= Poudre City, Colorado =

Ghost town in Colorado, United States

Poudre City is a ghost town located in the foothills of the Rocky Mountains in northwestern Larimer County, Colorado, United States. The town was founded in 1890 around a gold reducing stamp mill. The town was destroyed on June 10, 1891 when the Chambers Lake dam burst and swept down the Poudre Canyon. All that remains of the town today is the chimney from the stamp mill.

==History==
In the late 1800s, it was suspected that there was gold in Larimer County and in the hills of the Poudre Canyon and many prospectors moved to the area. John Zimmerman built a 5 stamp gold reducing stamp mill in 1890 to process the ore being brought out of the area. A saloon, general store, hotel and houses sprouted in the area surrounding the mill.
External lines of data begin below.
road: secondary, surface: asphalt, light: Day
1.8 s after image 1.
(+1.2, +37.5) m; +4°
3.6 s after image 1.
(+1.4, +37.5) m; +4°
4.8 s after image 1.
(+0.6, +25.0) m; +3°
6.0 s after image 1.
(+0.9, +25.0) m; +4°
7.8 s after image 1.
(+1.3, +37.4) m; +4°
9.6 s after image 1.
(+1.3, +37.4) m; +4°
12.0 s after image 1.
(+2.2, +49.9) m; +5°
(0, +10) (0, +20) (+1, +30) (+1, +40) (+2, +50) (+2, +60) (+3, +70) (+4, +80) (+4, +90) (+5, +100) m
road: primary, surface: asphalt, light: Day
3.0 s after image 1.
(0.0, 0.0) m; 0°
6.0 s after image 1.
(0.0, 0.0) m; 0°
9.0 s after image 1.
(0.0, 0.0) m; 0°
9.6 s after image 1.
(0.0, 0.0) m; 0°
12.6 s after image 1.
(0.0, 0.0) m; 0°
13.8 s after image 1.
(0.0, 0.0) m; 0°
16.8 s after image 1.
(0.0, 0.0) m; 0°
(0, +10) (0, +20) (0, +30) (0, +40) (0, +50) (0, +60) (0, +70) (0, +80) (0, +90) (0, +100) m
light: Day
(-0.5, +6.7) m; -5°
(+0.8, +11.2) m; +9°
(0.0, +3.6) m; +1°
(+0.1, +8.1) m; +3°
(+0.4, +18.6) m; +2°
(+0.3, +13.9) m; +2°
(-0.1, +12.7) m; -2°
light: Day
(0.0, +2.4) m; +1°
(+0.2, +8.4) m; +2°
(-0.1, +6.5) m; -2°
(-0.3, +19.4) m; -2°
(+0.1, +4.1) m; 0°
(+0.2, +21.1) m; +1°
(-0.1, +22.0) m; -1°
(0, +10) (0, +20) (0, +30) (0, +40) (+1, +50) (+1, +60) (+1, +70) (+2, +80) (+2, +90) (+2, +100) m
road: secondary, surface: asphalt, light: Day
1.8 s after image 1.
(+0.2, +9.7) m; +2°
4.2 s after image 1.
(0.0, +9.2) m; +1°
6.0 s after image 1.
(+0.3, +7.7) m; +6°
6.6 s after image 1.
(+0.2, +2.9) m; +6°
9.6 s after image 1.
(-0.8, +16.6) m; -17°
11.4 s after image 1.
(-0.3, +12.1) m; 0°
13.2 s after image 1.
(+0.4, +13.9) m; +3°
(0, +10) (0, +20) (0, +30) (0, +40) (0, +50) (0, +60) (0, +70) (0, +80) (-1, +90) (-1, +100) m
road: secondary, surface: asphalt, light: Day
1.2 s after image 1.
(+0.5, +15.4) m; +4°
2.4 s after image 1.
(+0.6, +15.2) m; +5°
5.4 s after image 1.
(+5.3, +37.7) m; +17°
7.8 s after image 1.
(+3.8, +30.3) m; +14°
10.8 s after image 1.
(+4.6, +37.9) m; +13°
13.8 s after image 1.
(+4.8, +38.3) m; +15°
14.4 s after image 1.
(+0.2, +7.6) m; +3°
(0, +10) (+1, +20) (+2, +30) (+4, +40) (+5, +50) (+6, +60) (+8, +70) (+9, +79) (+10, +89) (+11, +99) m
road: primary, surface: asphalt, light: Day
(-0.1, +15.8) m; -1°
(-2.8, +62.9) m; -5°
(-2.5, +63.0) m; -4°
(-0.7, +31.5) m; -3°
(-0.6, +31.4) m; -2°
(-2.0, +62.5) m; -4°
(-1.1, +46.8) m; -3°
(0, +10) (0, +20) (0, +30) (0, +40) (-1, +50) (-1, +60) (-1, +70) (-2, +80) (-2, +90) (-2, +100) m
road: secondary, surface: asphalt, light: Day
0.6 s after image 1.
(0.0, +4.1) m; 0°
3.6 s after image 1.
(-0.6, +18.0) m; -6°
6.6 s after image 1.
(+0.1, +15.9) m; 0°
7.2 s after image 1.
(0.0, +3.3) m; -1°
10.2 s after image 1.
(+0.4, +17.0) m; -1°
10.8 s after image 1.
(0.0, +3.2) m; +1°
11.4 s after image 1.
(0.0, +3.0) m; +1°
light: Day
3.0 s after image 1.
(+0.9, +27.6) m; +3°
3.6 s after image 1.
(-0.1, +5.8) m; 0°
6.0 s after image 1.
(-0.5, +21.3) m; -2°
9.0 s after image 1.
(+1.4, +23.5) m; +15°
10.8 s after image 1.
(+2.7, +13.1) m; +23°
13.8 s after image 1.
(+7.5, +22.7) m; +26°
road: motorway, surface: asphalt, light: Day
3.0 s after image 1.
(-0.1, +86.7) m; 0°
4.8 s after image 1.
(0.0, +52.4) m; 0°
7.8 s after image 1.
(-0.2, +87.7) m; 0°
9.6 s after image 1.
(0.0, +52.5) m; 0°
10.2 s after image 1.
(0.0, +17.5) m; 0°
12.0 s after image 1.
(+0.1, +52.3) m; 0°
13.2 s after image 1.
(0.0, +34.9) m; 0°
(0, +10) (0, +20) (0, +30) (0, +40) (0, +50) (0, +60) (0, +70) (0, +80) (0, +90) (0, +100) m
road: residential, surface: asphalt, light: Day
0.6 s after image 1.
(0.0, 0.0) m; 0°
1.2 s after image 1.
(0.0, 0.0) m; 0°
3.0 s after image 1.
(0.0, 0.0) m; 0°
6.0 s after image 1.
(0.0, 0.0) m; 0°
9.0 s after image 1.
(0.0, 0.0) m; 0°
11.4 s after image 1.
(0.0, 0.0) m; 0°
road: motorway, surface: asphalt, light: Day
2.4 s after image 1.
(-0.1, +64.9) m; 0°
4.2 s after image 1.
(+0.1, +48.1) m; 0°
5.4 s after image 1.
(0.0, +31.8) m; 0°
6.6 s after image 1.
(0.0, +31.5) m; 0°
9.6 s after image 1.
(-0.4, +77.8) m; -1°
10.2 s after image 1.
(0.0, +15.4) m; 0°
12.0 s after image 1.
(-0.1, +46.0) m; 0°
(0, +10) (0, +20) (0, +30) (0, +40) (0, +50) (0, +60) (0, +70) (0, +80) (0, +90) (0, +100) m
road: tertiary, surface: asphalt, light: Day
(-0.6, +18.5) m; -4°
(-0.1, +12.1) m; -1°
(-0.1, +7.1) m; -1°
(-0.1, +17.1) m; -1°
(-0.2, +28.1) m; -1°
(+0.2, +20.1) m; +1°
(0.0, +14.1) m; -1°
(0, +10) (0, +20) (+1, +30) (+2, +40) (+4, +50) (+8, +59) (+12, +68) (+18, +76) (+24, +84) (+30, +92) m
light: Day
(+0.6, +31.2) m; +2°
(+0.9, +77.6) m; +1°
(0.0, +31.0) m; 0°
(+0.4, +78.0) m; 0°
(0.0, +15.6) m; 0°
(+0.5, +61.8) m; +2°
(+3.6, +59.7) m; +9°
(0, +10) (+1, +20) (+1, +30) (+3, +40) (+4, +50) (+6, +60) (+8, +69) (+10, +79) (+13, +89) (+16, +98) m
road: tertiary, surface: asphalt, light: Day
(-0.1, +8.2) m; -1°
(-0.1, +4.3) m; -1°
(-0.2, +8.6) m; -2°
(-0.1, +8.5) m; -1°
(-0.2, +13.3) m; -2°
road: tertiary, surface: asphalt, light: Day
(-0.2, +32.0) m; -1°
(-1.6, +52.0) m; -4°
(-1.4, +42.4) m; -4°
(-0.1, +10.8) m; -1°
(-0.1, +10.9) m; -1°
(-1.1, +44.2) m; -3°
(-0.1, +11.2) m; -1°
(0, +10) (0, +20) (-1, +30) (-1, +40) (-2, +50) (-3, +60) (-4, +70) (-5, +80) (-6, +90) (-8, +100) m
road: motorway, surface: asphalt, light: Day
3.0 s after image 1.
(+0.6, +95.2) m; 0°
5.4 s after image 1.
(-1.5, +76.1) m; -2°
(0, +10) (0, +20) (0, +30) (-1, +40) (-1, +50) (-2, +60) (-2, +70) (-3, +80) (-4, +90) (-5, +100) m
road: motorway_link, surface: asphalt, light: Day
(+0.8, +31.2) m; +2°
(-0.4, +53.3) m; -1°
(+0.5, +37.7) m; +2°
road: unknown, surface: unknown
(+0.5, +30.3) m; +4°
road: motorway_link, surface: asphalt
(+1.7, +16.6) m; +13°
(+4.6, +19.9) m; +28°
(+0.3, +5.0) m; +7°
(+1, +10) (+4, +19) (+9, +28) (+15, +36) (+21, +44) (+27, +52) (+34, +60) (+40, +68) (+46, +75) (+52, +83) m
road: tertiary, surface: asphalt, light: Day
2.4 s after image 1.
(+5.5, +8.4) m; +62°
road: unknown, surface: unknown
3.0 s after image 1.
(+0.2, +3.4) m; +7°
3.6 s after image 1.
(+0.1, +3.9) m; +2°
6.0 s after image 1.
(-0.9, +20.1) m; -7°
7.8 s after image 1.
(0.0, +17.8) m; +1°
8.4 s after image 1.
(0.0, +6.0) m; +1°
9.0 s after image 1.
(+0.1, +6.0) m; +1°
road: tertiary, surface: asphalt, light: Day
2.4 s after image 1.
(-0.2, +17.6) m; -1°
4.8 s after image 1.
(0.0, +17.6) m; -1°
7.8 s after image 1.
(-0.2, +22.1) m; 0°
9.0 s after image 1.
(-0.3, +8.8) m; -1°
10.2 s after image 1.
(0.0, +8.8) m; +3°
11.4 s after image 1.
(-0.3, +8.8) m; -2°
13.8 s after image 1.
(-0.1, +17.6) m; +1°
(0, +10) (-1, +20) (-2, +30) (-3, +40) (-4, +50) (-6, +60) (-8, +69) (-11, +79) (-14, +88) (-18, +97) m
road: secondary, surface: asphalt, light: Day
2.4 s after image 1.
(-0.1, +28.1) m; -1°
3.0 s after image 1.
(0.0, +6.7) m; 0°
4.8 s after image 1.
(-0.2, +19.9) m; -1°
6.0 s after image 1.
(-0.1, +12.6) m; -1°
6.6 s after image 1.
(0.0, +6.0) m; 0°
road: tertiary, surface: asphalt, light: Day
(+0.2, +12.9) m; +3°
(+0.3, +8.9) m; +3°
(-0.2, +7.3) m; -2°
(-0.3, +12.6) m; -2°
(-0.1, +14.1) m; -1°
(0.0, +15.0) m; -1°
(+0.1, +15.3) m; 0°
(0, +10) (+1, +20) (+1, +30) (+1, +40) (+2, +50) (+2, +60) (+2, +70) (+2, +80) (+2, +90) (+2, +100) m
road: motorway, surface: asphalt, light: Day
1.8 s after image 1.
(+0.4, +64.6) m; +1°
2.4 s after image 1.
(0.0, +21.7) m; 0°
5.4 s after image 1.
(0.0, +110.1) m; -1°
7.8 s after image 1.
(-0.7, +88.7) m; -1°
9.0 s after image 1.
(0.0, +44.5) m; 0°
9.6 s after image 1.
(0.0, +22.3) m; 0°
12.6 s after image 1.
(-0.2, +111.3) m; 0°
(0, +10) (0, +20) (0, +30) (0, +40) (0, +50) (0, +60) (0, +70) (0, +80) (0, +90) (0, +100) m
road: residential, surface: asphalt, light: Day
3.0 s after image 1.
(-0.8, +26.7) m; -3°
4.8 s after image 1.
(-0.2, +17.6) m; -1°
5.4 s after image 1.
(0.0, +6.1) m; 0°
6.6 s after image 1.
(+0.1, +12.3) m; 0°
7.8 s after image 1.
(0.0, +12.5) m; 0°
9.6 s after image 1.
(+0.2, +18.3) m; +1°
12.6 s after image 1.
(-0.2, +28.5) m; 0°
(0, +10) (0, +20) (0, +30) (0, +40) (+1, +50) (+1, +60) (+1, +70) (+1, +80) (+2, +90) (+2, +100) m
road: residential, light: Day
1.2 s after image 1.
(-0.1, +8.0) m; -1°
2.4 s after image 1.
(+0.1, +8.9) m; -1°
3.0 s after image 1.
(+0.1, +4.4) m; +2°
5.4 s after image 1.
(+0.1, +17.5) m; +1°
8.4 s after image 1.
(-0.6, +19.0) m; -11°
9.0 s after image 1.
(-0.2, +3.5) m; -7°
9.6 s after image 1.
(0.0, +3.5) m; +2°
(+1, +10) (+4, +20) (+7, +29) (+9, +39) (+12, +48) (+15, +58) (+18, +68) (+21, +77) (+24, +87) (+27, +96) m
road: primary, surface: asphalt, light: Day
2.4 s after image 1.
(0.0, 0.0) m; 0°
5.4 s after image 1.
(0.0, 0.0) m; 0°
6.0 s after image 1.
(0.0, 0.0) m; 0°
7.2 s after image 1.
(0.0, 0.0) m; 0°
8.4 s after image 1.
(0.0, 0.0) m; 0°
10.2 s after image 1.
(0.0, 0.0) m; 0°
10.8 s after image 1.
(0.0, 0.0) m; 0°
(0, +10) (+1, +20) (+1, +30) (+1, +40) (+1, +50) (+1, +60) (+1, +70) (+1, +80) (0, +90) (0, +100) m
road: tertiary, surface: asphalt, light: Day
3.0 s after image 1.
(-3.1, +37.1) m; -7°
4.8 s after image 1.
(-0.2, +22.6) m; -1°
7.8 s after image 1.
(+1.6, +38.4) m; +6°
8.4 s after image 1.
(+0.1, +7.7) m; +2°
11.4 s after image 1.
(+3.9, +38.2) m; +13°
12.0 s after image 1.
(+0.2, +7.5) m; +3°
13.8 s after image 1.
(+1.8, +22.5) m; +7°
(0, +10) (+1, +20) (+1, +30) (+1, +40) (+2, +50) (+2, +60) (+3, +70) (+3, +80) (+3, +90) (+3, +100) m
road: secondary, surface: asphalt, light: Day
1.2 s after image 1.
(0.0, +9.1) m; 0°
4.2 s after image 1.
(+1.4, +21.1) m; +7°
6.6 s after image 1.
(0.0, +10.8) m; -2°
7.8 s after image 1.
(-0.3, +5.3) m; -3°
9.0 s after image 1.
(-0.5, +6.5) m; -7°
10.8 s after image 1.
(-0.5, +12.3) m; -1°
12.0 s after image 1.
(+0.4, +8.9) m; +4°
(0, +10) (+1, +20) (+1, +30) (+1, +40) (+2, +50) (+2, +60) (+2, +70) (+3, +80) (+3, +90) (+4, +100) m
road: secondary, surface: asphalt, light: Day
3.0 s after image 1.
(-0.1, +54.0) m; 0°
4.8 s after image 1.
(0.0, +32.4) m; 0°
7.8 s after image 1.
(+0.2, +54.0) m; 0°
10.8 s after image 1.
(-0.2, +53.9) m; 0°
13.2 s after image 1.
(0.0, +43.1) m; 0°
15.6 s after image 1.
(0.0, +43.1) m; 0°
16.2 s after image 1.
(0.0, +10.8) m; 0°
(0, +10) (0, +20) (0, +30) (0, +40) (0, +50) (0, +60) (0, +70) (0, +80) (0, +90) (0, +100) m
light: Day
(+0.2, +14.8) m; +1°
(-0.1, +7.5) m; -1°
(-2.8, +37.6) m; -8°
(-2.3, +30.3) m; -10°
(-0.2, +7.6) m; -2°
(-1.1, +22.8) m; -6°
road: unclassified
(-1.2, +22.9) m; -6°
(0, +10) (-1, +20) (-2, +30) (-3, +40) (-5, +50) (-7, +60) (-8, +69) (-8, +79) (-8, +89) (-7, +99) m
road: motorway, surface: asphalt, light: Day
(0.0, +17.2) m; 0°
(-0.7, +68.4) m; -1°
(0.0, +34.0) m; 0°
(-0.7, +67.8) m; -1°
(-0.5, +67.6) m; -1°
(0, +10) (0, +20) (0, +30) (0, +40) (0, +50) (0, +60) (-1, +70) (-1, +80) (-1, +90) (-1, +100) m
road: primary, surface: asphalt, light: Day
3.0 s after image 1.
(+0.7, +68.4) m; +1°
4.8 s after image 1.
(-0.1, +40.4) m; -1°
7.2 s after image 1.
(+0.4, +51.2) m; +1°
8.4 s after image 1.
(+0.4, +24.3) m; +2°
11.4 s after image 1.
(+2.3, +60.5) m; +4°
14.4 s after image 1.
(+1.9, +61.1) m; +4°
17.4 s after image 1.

Shortly after the mill's construction, it was determined that the ore bore very little gold, and Zimmerman sold it to pursue other endeavors in the area.

In 1891, Zimmerman inspected the dam at Chamber's Lake and had determined it was severely undersized and likely to give way. He had corresponded with the Larimer County Ditch Company, the owner of the lake, and even had hosted the company's Chief Engineer, William Rist, but the dam was not corrected. On the morning of June 10, 1891, the dam gave way. Poudre City, being on the banks of the Poudre River, and directly downstream of Chamber's Lake was in a very vulnerable position. Zimmerman had been out working the fields some 3 1/2 miles (5.6 km) upstream that morning and heard the tell tale sounds of water rushing down the canyon. He rode into town to warn the residents to move to higher ground. The flood waters destroyed the entire town and left nothing behind, save for the chimney of the stamp mill, which survives to this day.

In 1973, the Colorado State Historical Society placed a plaque at the base of the mill.